- _Data excerpts_:
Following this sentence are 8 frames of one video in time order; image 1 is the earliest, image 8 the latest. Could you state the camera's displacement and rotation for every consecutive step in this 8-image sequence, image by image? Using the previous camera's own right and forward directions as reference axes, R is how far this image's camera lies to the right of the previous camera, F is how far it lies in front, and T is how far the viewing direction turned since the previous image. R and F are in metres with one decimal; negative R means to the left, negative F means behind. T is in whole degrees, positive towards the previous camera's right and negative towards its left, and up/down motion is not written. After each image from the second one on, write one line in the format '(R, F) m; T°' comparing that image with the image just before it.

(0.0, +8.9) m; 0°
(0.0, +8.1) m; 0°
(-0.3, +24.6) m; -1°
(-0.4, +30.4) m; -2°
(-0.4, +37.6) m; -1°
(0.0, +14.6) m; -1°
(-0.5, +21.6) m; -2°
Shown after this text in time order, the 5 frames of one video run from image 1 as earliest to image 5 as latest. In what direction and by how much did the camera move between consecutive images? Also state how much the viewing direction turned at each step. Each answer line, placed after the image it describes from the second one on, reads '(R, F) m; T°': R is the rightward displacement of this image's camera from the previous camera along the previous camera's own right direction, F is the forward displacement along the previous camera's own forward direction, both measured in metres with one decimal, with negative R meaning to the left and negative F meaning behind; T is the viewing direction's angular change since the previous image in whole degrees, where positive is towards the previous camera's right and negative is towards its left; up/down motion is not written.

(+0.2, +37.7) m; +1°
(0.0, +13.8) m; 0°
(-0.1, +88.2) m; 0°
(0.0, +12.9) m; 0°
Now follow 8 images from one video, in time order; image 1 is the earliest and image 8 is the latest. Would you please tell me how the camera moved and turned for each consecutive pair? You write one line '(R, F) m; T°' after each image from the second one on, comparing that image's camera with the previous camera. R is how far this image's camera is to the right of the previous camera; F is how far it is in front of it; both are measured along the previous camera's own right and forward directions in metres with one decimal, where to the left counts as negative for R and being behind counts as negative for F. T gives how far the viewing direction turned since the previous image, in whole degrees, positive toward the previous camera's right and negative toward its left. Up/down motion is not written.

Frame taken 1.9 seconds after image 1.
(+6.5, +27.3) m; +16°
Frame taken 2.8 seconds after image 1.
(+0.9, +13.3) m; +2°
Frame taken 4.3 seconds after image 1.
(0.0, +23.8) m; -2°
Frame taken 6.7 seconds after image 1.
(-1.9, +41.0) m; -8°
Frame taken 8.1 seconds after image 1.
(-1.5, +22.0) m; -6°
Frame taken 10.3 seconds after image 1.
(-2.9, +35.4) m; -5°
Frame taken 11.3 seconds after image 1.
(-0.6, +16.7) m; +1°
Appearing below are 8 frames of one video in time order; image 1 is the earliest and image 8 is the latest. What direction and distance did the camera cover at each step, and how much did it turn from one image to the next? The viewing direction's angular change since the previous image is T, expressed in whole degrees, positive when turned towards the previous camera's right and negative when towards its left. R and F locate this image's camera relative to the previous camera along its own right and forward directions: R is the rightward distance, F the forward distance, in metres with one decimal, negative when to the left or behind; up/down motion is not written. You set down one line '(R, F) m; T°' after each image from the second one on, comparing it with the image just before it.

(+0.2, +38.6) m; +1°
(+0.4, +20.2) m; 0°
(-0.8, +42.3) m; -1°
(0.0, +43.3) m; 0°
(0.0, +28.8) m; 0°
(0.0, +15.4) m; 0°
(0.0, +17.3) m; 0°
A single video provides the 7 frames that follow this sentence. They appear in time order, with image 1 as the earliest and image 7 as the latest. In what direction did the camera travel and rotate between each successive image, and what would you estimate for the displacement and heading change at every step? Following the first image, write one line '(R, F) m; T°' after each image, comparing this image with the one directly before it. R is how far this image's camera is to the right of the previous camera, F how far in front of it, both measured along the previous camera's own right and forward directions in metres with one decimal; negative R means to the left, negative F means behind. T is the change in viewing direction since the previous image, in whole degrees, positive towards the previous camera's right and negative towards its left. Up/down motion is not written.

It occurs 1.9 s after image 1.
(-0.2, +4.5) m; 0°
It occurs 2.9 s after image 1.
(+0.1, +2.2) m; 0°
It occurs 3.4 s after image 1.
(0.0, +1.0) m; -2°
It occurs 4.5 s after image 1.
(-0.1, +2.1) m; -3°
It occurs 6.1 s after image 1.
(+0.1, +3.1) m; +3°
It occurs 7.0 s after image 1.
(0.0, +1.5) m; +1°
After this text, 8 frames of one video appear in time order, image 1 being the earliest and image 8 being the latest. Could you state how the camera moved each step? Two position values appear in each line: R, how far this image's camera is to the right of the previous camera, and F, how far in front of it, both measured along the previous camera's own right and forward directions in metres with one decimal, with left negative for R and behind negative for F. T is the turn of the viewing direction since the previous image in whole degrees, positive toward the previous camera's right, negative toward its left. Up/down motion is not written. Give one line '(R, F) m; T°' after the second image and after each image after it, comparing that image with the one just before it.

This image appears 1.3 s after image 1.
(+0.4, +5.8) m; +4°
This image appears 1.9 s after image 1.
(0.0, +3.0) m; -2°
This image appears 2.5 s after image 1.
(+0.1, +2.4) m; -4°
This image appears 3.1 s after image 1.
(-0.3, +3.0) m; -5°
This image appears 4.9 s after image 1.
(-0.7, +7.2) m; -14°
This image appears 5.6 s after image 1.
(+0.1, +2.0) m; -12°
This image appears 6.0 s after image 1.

- _Problem description_: What is needed is an exact restatement of every record above.

- _Task answer_:
Following this sentence are 8 frames of one video in time order; image 1 is the earliest, image 8 the latest. Could you state the camera's displacement and rotation for every consecutive step in this 8-image sequence, image by image? Using the previous camera's own right and forward directions as reference axes, R is how far this image's camera lies to the right of the previous camera, F is how far it lies in front, and T is how far the viewing direction turned since the previous image. R and F are in metres with one decimal; negative R means to the left, negative F means behind. T is in whole degrees, positive towards the previous camera's right and negative towards its left, and up/down motion is not written. After each image from the second one on, write one line in the format '(R, F) m; T°' comparing that image with the image just before it.

(0.0, +8.9) m; 0°
(0.0, +8.1) m; 0°
(-0.3, +24.6) m; -1°
(-0.4, +30.4) m; -2°
(-0.4, +37.6) m; -1°
(0.0, +14.6) m; -1°
(-0.5, +21.6) m; -2°
Shown after this text in time order, the 5 frames of one video run from image 1 as earliest to image 5 as latest. In what direction and by how much did the camera move between consecutive images? Also state how much the viewing direction turned at each step. Each answer line, placed after the image it describes from the second one on, reads '(R, F) m; T°': R is the rightward displacement of this image's camera from the previous camera along the previous camera's own right direction, F is the forward displacement along the previous camera's own forward direction, both measured in metres with one decimal, with negative R meaning to the left and negative F meaning behind; T is the viewing direction's angular change since the previous image in whole degrees, where positive is towards the previous camera's right and negative is towards its left; up/down motion is not written.

(+0.2, +37.7) m; +1°
(0.0, +13.8) m; 0°
(-0.1, +88.2) m; 0°
(0.0, +12.9) m; 0°
Now follow 8 images from one video, in time order; image 1 is the earliest and image 8 is the latest. Would you please tell me how the camera moved and turned for each consecutive pair? You write one line '(R, F) m; T°' after each image from the second one on, comparing that image's camera with the previous camera. R is how far this image's camera is to the right of the previous camera; F is how far it is in front of it; both are measured along the previous camera's own right and forward directions in metres with one decimal, where to the left counts as negative for R and being behind counts as negative for F. T gives how far the viewing direction turned since the previous image, in whole degrees, positive toward the previous camera's right and negative toward its left. Up/down motion is not written.

Frame taken 1.9 seconds after image 1.
(+6.5, +27.3) m; +16°
Frame taken 2.8 seconds after image 1.
(+0.9, +13.3) m; +2°
Frame taken 4.3 seconds after image 1.
(0.0, +23.8) m; -2°
Frame taken 6.7 seconds after image 1.
(-1.9, +41.0) m; -8°
Frame taken 8.1 seconds after image 1.
(-1.5, +22.0) m; -6°
Frame taken 10.3 seconds after image 1.
(-2.9, +35.4) m; -5°
Frame taken 11.3 seconds after image 1.
(-0.6, +16.7) m; +1°
Appearing below are 8 frames of one video in time order; image 1 is the earliest and image 8 is the latest. What direction and distance did the camera cover at each step, and how much did it turn from one image to the next? The viewing direction's angular change since the previous image is T, expressed in whole degrees, positive when turned towards the previous camera's right and negative when towards its left. R and F locate this image's camera relative to the previous camera along its own right and forward directions: R is the rightward distance, F the forward distance, in metres with one decimal, negative when to the left or behind; up/down motion is not written. You set down one line '(R, F) m; T°' after each image from the second one on, comparing it with the image just before it.

(+0.2, +38.6) m; +1°
(+0.4, +20.2) m; 0°
(-0.8, +42.3) m; -1°
(0.0, +43.3) m; 0°
(0.0, +28.8) m; 0°
(0.0, +15.4) m; 0°
(0.0, +17.3) m; 0°
A single video provides the 7 frames that follow this sentence. They appear in time order, with image 1 as the earliest and image 7 as the latest. In what direction did the camera travel and rotate between each successive image, and what would you estimate for the displacement and heading change at every step? Following the first image, write one line '(R, F) m; T°' after each image, comparing this image with the one directly before it. R is how far this image's camera is to the right of the previous camera, F how far in front of it, both measured along the previous camera's own right and forward directions in metres with one decimal; negative R means to the left, negative F means behind. T is the change in viewing direction since the previous image, in whole degrees, positive towards the previous camera's right and negative towards its left. Up/down motion is not written.

It occurs 1.9 s after image 1.
(-0.2, +4.5) m; 0°
It occurs 2.9 s after image 1.
(+0.1, +2.2) m; 0°
It occurs 3.4 s after image 1.
(0.0, +1.0) m; -2°
It occurs 4.5 s after image 1.
(-0.1, +2.1) m; -3°
It occurs 6.1 s after image 1.
(+0.1, +3.1) m; +3°
It occurs 7.0 s after image 1.
(0.0, +1.5) m; +1°
After this text, 8 frames of one video appear in time order, image 1 being the earliest and image 8 being the latest. Could you state how the camera moved each step? Two position values appear in each line: R, how far this image's camera is to the right of the previous camera, and F, how far in front of it, both measured along the previous camera's own right and forward directions in metres with one decimal, with left negative for R and behind negative for F. T is the turn of the viewing direction since the previous image in whole degrees, positive toward the previous camera's right, negative toward its left. Up/down motion is not written. Give one line '(R, F) m; T°' after the second image and after each image after it, comparing that image with the one just before it.

This image appears 1.3 s after image 1.
(+0.4, +5.8) m; +4°
This image appears 1.9 s after image 1.
(0.0, +3.0) m; -2°
This image appears 2.5 s after image 1.
(+0.1, +2.4) m; -4°
This image appears 3.1 s after image 1.
(-0.3, +3.0) m; -5°
This image appears 4.9 s after image 1.
(-0.7, +7.2) m; -14°
This image appears 5.6 s after image 1.
(+0.1, +2.0) m; -12°
This image appears 6.0 s after image 1.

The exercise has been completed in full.